━━━ Data listing

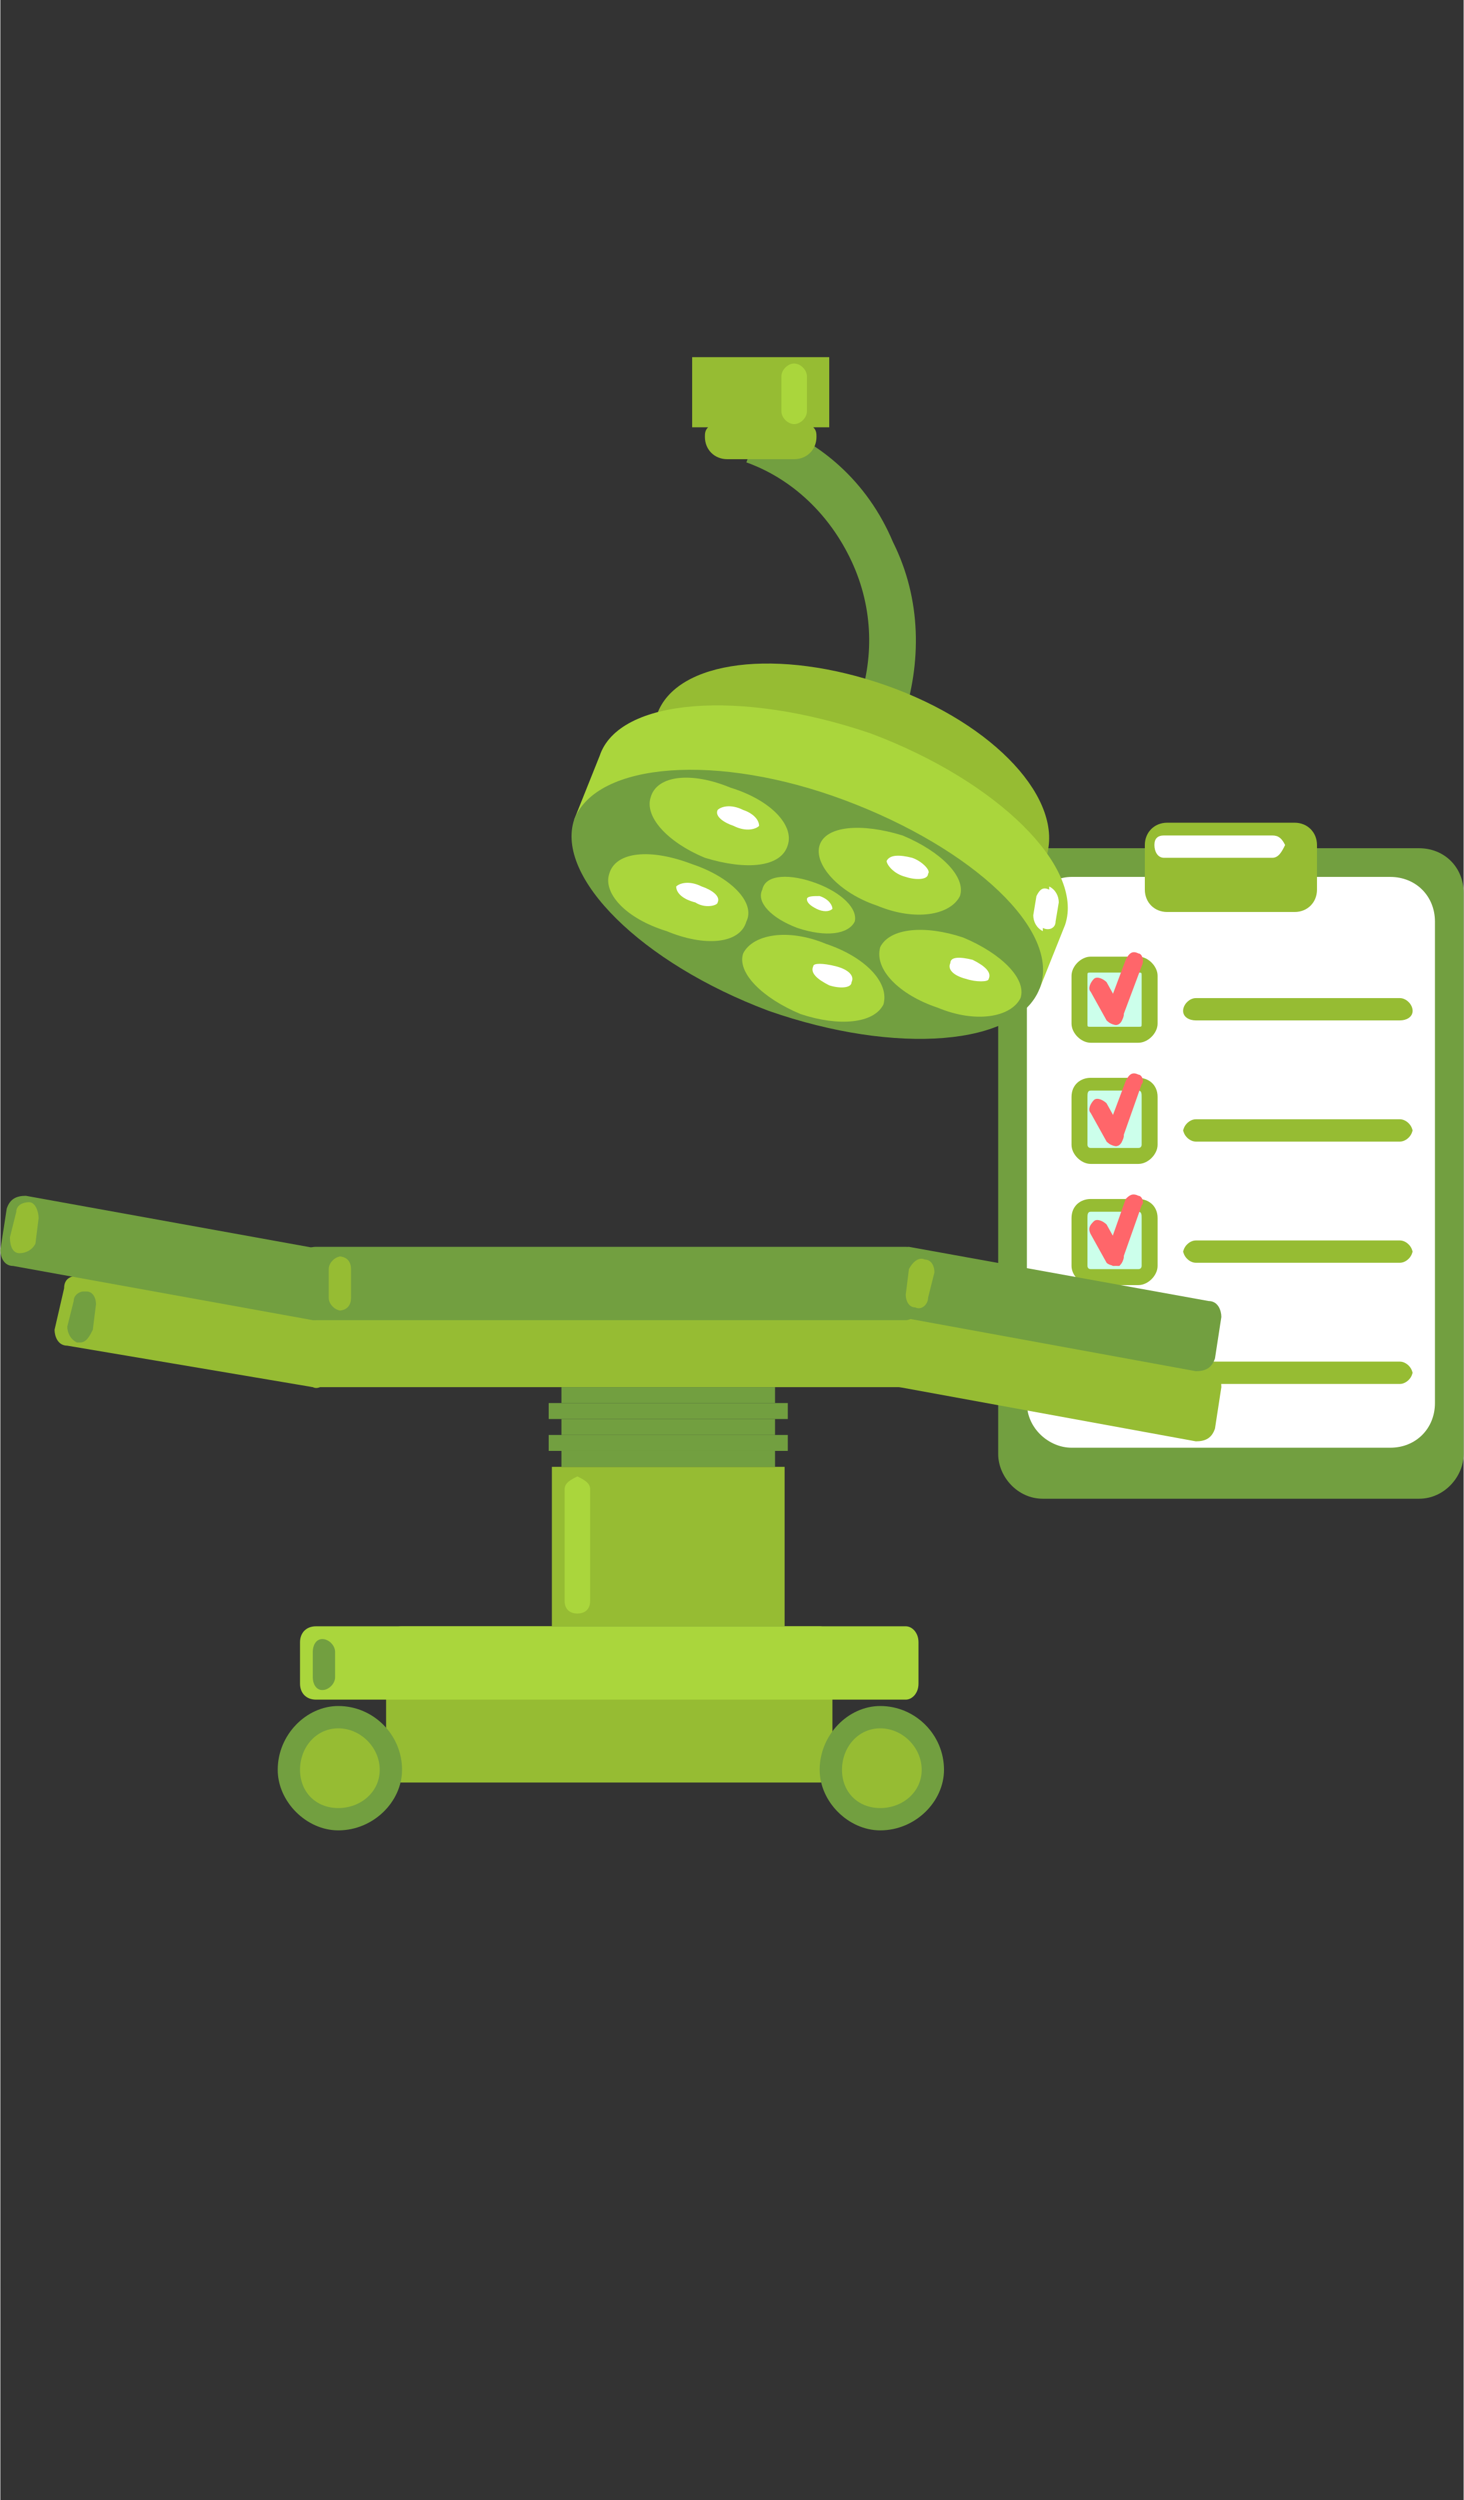 <?xml version="1.0" encoding="UTF-8"?>
<!DOCTYPE svg PUBLIC "-//W3C//DTD SVG 1.1//EN" "http://www.w3.org/Graphics/SVG/1.1/DTD/svg11.dtd">
<!-- Creator: CorelDRAW X7 -->
<svg xmlns="http://www.w3.org/2000/svg" xml:space="preserve" width="34.459mm" height="58.829mm" version="1.1" style="shape-rendering:geometricPrecision; text-rendering:geometricPrecision; image-rendering:optimizeQuality; fill-rule:evenodd; clip-rule:evenodd"
viewBox="0 0 459 784"
 xmlns:xlink="http://www.w3.org/1999/xlink">
 <rect x="0" y="0" width="459" height="784" fill="#333333" stroke="none"/>
 <defs>
  <style type="text/css">
   <![CDATA[
    .fil7 {fill:none}
    .fil0 {fill:#729F40;fill-rule:nonzero}
    .fil5 {fill:#7ACCAC;fill-rule:nonzero}
    .fil2 {fill:#96BC33;fill-rule:nonzero}
    .fil6 {fill:#AAD63C;fill-rule:nonzero}
    .fil3 {fill:#CCFFEB;fill-rule:nonzero}
    .fil4 {fill:#FF666A;fill-rule:nonzero}
    .fil1 {fill:white;fill-rule:nonzero}
   ]]>
  </style>
 </defs>
 <g id="Layer_x0020_1">
  <path class="fil0" d="M459 456c0,7 -6,14 -14,14l-118 0c-8,0 -14,-7 -14,-14l0 -176c0,-8 6,-14 14,-14l118 0c8,0 14,6 14,14l0 176z"/>
  <path class="fil1" d="M450 440c0,8 -6,14 -14,14l-100 0c-7,0 -14,-6 -14,-14l0 -151c0,-8 7,-14 14,-14l100 0c8,0 14,6 14,14l0 151z"/>
  <path class="fil2" d="M413 279c0,4 -3,7 -7,7l-40 0c-4,0 -7,-3 -7,-7l0 -14c0,-4 3,-7 7,-7l40 0c4,0 7,3 7,7l0 14z"/>
  <g>
   <path class="fil1" d="M365 269l34 0c2,0 3,-2 4,-4 -1,-2 -2,-3 -4,-3l-34 0c-2,0 -3,1 -3,3 0,2 1,4 3,4zm38 -4l0 0 0 0 0 0zm-41 0l0 0 0 0 0 0z"/>
  </g>
  <path class="fil2" d="M439 313c2,0 4,2 4,4l0 0c0,2 -2,3 -4,3l-64 0c-2,0 -4,-1 -4,-3l0 0c0,-2 2,-4 4,-4l64 0z"/>
  <path class="fil2" d="M363 321c0,3 -3,6 -6,6l-15 0c-3,0 -6,-3 -6,-6l0 -15c0,-3 3,-6 6,-6l15 0c3,0 6,3 6,6l0 15z"/>
  <path class="fil3" d="M342 322c-1,0 -1,0 -1,-1l0 -15c0,-1 0,-1 1,-1l15 0c1,0 1,0 1,1l0 15c0,1 0,1 -1,1l-15 0z"/>
  <path class="fil4" d="M353 301c1,-2 2,-3 4,-2l0 0c1,0 2,2 1,4l-6 16c0,2 -2,3 -3,2l0 0c-2,0 -2,-2 -2,-4l6 -16z"/>
  <path class="fil4" d="M342 311c-1,-1 0,-3 1,-4l0 0c1,-1 3,0 4,1l5 9c1,1 0,3 -1,4l0 0c-1,1 -3,0 -4,-1l-5 -9z"/>
  <path class="fil2" d="M439 351c2,0 4,2 4,4l0 -1c0,2 -2,4 -4,4l-64 0c-2,0 -4,-2 -4,-4l0 1c0,-2 2,-4 4,-4l64 0z"/>
  <path class="fil2" d="M363 359c0,3 -3,6 -6,6l-15 0c-3,0 -6,-3 -6,-6l0 -15c0,-4 3,-6 6,-6l15 0c3,0 6,2 6,6l0 15z"/>
  <path class="fil3" d="M342 360c-1,0 -1,-1 -1,-1l0 -15c0,-1 0,-2 1,-2l15 0c1,0 1,1 1,2l0 15c0,0 0,1 -1,1l-15 0z"/>
  <path class="fil4" d="M353 339c1,-2 2,-3 4,-2l0 0c1,0 2,2 1,3l-6 17c0,2 -2,3 -3,2l0 0c-2,0 -2,-2 -2,-4l6 -16z"/>
  <path class="fil4" d="M342 349c-1,-1 0,-3 1,-4l0 0c1,-1 3,0 4,1l5 9c1,1 0,3 -1,4l0 0c-1,1 -3,0 -4,-1l-5 -9z"/>
  <path class="fil2" d="M439 389c2,0 4,2 4,4l0 -1c0,2 -2,4 -4,4l-64 0c-2,0 -4,-2 -4,-4l0 1c0,-2 2,-4 4,-4l64 0z"/>
  <path class="fil2" d="M363 397c0,3 -3,6 -6,6l-15 0c-3,0 -6,-3 -6,-6l0 -15c0,-4 3,-6 6,-6l15 0c3,0 6,2 6,6l0 15z"/>
  <path class="fil3" d="M342 398c-1,0 -1,-1 -1,-1l0 -15c0,-1 0,-2 1,-2l15 0c1,0 1,1 1,2l0 15c0,0 0,1 -1,1l-15 0z"/>
  <path class="fil4" d="M353 376c1,-1 2,-2 4,-1l0 0c1,0 2,2 1,3l-6 17c0,2 -2,2 -3,2l0 0c-2,-1 -2,-2 -2,-4l6 -17z"/>
  <path class="fil4" d="M342 387c-1,-2 0,-3 1,-4l0 0c1,-1 3,0 4,1l5 9c1,1 0,3 -1,4l0 0c-1,0 -3,0 -4,-1l-5 -9z"/>
  <path class="fil2" d="M439 427c2,0 4,2 4,4l0 -1c0,2 -2,4 -4,4l-64 0c-2,0 -4,-2 -4,-4l0 1c0,-2 2,-4 4,-4l64 0z"/>
  <path class="fil5" d="M363 435c0,3 -3,5 -6,5l-15 0c-3,0 -6,-2 -6,-5l0 -16c0,-3 3,-5 6,-5l15 0c3,0 6,2 6,5l0 16z"/>
  <path class="fil3" d="M342 436c-1,0 -1,-1 -1,-1l0 -16c0,0 0,-1 1,-1l15 0c1,0 1,1 1,1l0 16c0,0 0,1 -1,1l-15 0z"/>
  <path class="fil4" d="M353 414c1,-1 2,-2 4,-1l0 -1c1,1 2,3 1,4l-6 17c0,2 -2,2 -3,2l0 0c-2,-1 -2,-2 -2,-4l6 -17z"/>
  <path class="fil4" d="M342 425c-1,-2 0,-3 1,-4l0 0c1,-1 3,0 4,1l5 9c1,1 0,3 -1,4l0 0c-1,0 -3,0 -4,-2l-5 -8z"/>
  <path class="fil2" d="M261 555c0,3 -2,4 -4,4l-131 0c-3,0 -5,-1 -5,-4l0 -40c0,-3 2,-5 5,-5l131 0c2,0 4,2 4,5l0 40z"/>
  <path class="fil6" d="M288 528c0,3 -2,5 -4,5l-185 0c-3,0 -5,-2 -5,-5l0 -13c0,-3 2,-5 5,-5l185 0c2,0 4,2 4,5l0 13z"/>
  <path class="fil2" d="M288 431c0,2 -2,4 -4,4l-185 0c-3,0 -5,-2 -5,-4l0 -14c0,-2 2,-4 5,-4l185 0c2,0 4,2 4,4l0 14z"/>
  <path class="fil2" d="M103 432c-1,2 -3,4 -5,3l-77 -13c-3,0 -4,-3 -4,-5l3 -13c0,-3 2,-4 5,-4l77 13c2,1 4,3 3,5l-2 14z"/>
  <path class="fil2" d="M381 448c-1,3 -3,4 -6,4l-93 -17c-3,0 -4,-3 -4,-5l2 -13c1,-3 3,-4 5,-4l94 17c3,0 4,2 4,5l-2 13z"/>
  <path class="fil0" d="M288 409c0,3 -2,5 -4,5l-185 0c-3,0 -5,-2 -5,-5l0 -13c0,-3 2,-5 5,-5l185 0c2,0 4,2 4,5l0 13z"/>
  <path class="fil0" d="M103 410c-1,3 -3,4 -5,4l-94 -17c-3,0 -4,-3 -4,-5l2 -13c1,-3 3,-4 6,-4l94 17c2,0 4,2 3,5l-2 13z"/>
  <path class="fil0" d="M381 426c-1,3 -3,4 -6,4l-93 -17c-3,0 -4,-2 -4,-5l2 -13c1,-2 3,-4 5,-4l94 17c3,0 4,3 4,5l-2 13z"/>
  <path class="fil0" d="M296 555c0,-11 -9,-20 -20,-20 -10,0 -19,9 -19,20 0,10 9,19 19,19 11,0 20,-9 20,-19z"/>
  <path class="fil0" d="M126 555c0,-11 -9,-20 -20,-20 -10,0 -19,9 -19,20 0,10 9,19 19,19 11,0 20,-9 20,-19z"/>
  <path class="fil2" d="M289 555c0,-7 -6,-13 -13,-13 -7,0 -12,6 -12,13 0,7 5,12 12,12 7,0 13,-5 13,-12z"/>
  <path class="fil2" d="M119 555c0,-7 -6,-13 -13,-13 -7,0 -12,6 -12,13 0,7 5,12 12,12 7,0 13,-5 13,-12z"/>
  <polygon class="fil2" points="173,510 246,510 246,460 173,460 "/>
  <polygon class="fil0" points="176,460 243,460 243,455 176,455 "/>
  <polygon class="fil0" points="172,455 247,455 247,450 172,450 "/>
  <polygon class="fil0" points="176,450 243,450 243,445 176,445 "/>
  <polygon class="fil0" points="172,445 247,445 247,440 172,440 "/>
  <polygon class="fil0" points="176,440 243,440 243,435 176,435 "/>
  <path class="fil6" d="M181 506l0 0c0,0 0,0 0,0 0,0 0,0 0,0zm0 0c-2,0 -4,-1 -4,-4l0 -35c0,-2 2,-3 4,-4 2,1 4,2 4,4l0 35c0,3 -2,4 -4,4zm0 -43c0,0 0,0 0,0l0 0c0,0 0,0 0,0z"/>
  <path class="fil0" d="M102 530l-1 0c0,0 0,0 0,0 0,0 0,0 1,0zm-1 0c-2,0 -3,-2 -3,-4l0 -8c0,-2 1,-4 3,-4 2,0 4,2 4,4l0 8c0,2 -2,4 -4,4zm0 -16c0,0 0,0 0,0l1 0c-1,0 -1,0 -1,0z"/>
  <path class="fil0" d="M24 421l0 0c0,0 0,0 0,0 0,0 0,0 0,0zm1 0c0,0 -1,0 -1,0 -2,-1 -3,-3 -3,-5l2 -8c0,-2 2,-3 3,-3 1,0 1,0 1,0 2,0 3,2 3,4l-1 8c-1,2 -2,4 -4,4zm-1 0c0,0 0,0 0,0l0 0zm3 -16l0 0c0,0 0,0 0,0zm0 0c0,0 0,0 0,0 0,0 0,0 0,0l0 0z"/>
  <path class="fil2" d="M5 380c0,-2 2,-3 4,-3l0 0c2,0 3,3 3,5l-1 8c-1,2 -3,3 -5,3l0 0c-2,0 -3,-2 -3,-5l2 -8z"/>
  <path class="fil2" d="M285 398c1,-2 3,-4 5,-3l0 0c2,0 3,2 3,4l-2 8c0,2 -2,4 -4,3l0 0c-2,0 -3,-2 -3,-4l1 -8z"/>
  <path class="fil2" d="M103 398c0,-2 2,-4 4,-4l-1 0c3,0 4,2 4,4l0 9c0,2 -1,4 -4,4l1 0c-2,0 -4,-2 -4,-4l0 -9z"/>
  <path class="fil0" d="M234 145l5 -13c18,6 33,19 41,38 9,18 9,38 3,56l-14 -5c5,-14 5,-30 -2,-45 -7,-15 -19,-26 -33,-31z"/>
  <path class="fil2" d="M206 224c6,-17 38,-21 72,-9 34,12 56,36 50,54 -7,17 -39,21 -73,9 -33,-12 -56,-36 -49,-54z"/>
  <path class="fil6" d="M180 257l8 -20c6,-18 44,-21 85,-7 40,15 67,42 61,60l-8 20 -16 -6c-16,3 -38,0 -61,-8 -23,-8 -42,-21 -52,-33l-17 -6z"/>
  <path class="fil0" d="M180 257c7,-18 45,-21 85,-6 40,15 68,41 61,59 -7,18 -45,21 -85,7 -40,-15 -67,-42 -61,-60z"/>
  <path class="fil6" d="M275 284c12,5 23,3 26,-3 2,-6 -6,-14 -18,-19 -13,-4 -24,-3 -26,3 -2,6 6,15 18,19z"/>
  <path class="fil1" d="M278 270c1,-2 4,-2 8,-1 3,1 6,4 5,5 0,2 -4,2 -7,1 -4,-1 -6,-4 -6,-5z"/>
  <path class="fil6" d="M294 316c12,5 23,3 26,-3 2,-6 -6,-14 -18,-19 -12,-4 -23,-3 -26,3 -2,7 6,15 18,19z"/>
  <path class="fil1" d="M298 302c0,-2 3,-2 7,-1 4,2 6,4 5,6 0,1 -4,1 -7,0 -4,-1 -6,-3 -5,-5z"/>
  <path class="fil6" d="M221 269c13,4 24,3 26,-4 2,-6 -5,-14 -18,-18 -12,-5 -23,-4 -25,3 -2,6 5,14 17,19z"/>
  <path class="fil1" d="M225 254c1,-1 4,-2 8,0 3,1 5,3 5,5 -1,1 -4,2 -8,0 -3,-1 -6,-3 -5,-5z"/>
  <path class="fil6" d="M209 292c12,5 23,4 25,-3 3,-6 -5,-14 -17,-18 -13,-5 -24,-4 -26,3 -2,6 5,14 18,18z"/>
  <path class="fil1" d="M212 278c1,-1 4,-2 8,0 3,1 6,3 5,5 0,1 -4,2 -7,0 -4,-1 -6,-3 -6,-5z"/>
  <path class="fil6" d="M250 291c9,3 16,2 18,-2 1,-4 -4,-9 -12,-12 -8,-3 -16,-3 -17,2 -2,4 3,9 11,12z"/>
  <path class="fil1" d="M253 282c0,-1 2,-1 4,-1 3,1 4,3 4,4 -1,1 -3,1 -5,0 -2,-1 -3,-2 -3,-3z"/>
  <path class="fil6" d="M251 318c12,4 23,3 26,-3 2,-7 -6,-15 -18,-19 -12,-5 -23,-3 -26,3 -2,6 6,14 18,19z"/>
  <path class="fil1" d="M255 303c0,-1 3,-1 7,0 4,1 6,3 5,5 0,2 -4,2 -7,1 -4,-2 -6,-4 -5,-6z"/>
  <path class="fil2" d="M217 112l43 0 0 22 -5 0c1,1 1,2 1,3 0,4 -3,7 -7,7l-21 0c-4,0 -7,-3 -7,-7 0,-1 0,-2 1,-3l-5 0 0 -22z"/>
  <path class="fil1" d="M324 287c0,2 1,4 3,5l0 -1c2,1 4,0 4,-2l1 -6c0,-2 -1,-4 -3,-5l0 1c-2,-1 -3,0 -4,2l-1 6z"/>
  <path class="fil6" d="M249 133l0 0c0,0 0,0 0,0 0,0 0,0 0,0zm0 0c2,0 4,-2 4,-4l0 -11c0,-2 -2,-4 -4,-4 -2,0 -4,2 -4,4l0 11c0,2 2,4 4,4zm0 -19c0,0 0,0 0,0l0 0c0,0 0,0 0,0z"/>
  <polygon class="fil7" points="0,0 459,0 459,784 0,784 "/>
 </g>
</svg>

━━━━━━

▸ Your task
The required output is a verbatim repetition of the lines from the opening of the entries above through the line containing "321c0,3 -3,6 -6,6l-15", inclusive, with no pictures and nothing else.

▸ Exercise answer
 <?xml version="1.0" encoding="UTF-8"?>
<!DOCTYPE svg PUBLIC "-//W3C//DTD SVG 1.1//EN" "http://www.w3.org/Graphics/SVG/1.1/DTD/svg11.dtd">
<!-- Creator: CorelDRAW X7 -->
<svg xmlns="http://www.w3.org/2000/svg" xml:space="preserve" width="34.459mm" height="58.829mm" version="1.1" style="shape-rendering:geometricPrecision; text-rendering:geometricPrecision; image-rendering:optimizeQuality; fill-rule:evenodd; clip-rule:evenodd"
viewBox="0 0 459 784"
 xmlns:xlink="http://www.w3.org/1999/xlink">
 <rect x="0" y="0" width="459" height="784" fill="#333333" stroke="none"/>
 <defs>
  <style type="text/css">
   <![CDATA[
    .fil7 {fill:none}
    .fil0 {fill:#729F40;fill-rule:nonzero}
    .fil5 {fill:#7ACCAC;fill-rule:nonzero}
    .fil2 {fill:#96BC33;fill-rule:nonzero}
    .fil6 {fill:#AAD63C;fill-rule:nonzero}
    .fil3 {fill:#CCFFEB;fill-rule:nonzero}
    .fil4 {fill:#FF666A;fill-rule:nonzero}
    .fil1 {fill:white;fill-rule:nonzero}
   ]]>
  </style>
 </defs>
 <g id="Layer_x0020_1">
  <path class="fil0" d="M459 456c0,7 -6,14 -14,14l-118 0c-8,0 -14,-7 -14,-14l0 -176c0,-8 6,-14 14,-14l118 0c8,0 14,6 14,14l0 176z"/>
  <path class="fil1" d="M450 440c0,8 -6,14 -14,14l-100 0c-7,0 -14,-6 -14,-14l0 -151c0,-8 7,-14 14,-14l100 0c8,0 14,6 14,14l0 151z"/>
  <path class="fil2" d="M413 279c0,4 -3,7 -7,7l-40 0c-4,0 -7,-3 -7,-7l0 -14c0,-4 3,-7 7,-7l40 0c4,0 7,3 7,7l0 14z"/>
  <g>
   <path class="fil1" d="M365 269l34 0c2,0 3,-2 4,-4 -1,-2 -2,-3 -4,-3l-34 0c-2,0 -3,1 -3,3 0,2 1,4 3,4zm38 -4l0 0 0 0 0 0zm-41 0l0 0 0 0 0 0z"/>
  </g>
  <path class="fil2" d="M439 313c2,0 4,2 4,4l0 0c0,2 -2,3 -4,3l-64 0c-2,0 -4,-1 -4,-3l0 0c0,-2 2,-4 4,-4l64 0z"/>
  <path class="fil2" d="M363 321c0,3 -3,6 -6,6l-15 0c-3,0 -6,-3 -6,-6l0 -15c0,-3 3,-6 6,-6l15 0c3,0 6,3 6,6l0 15z"/>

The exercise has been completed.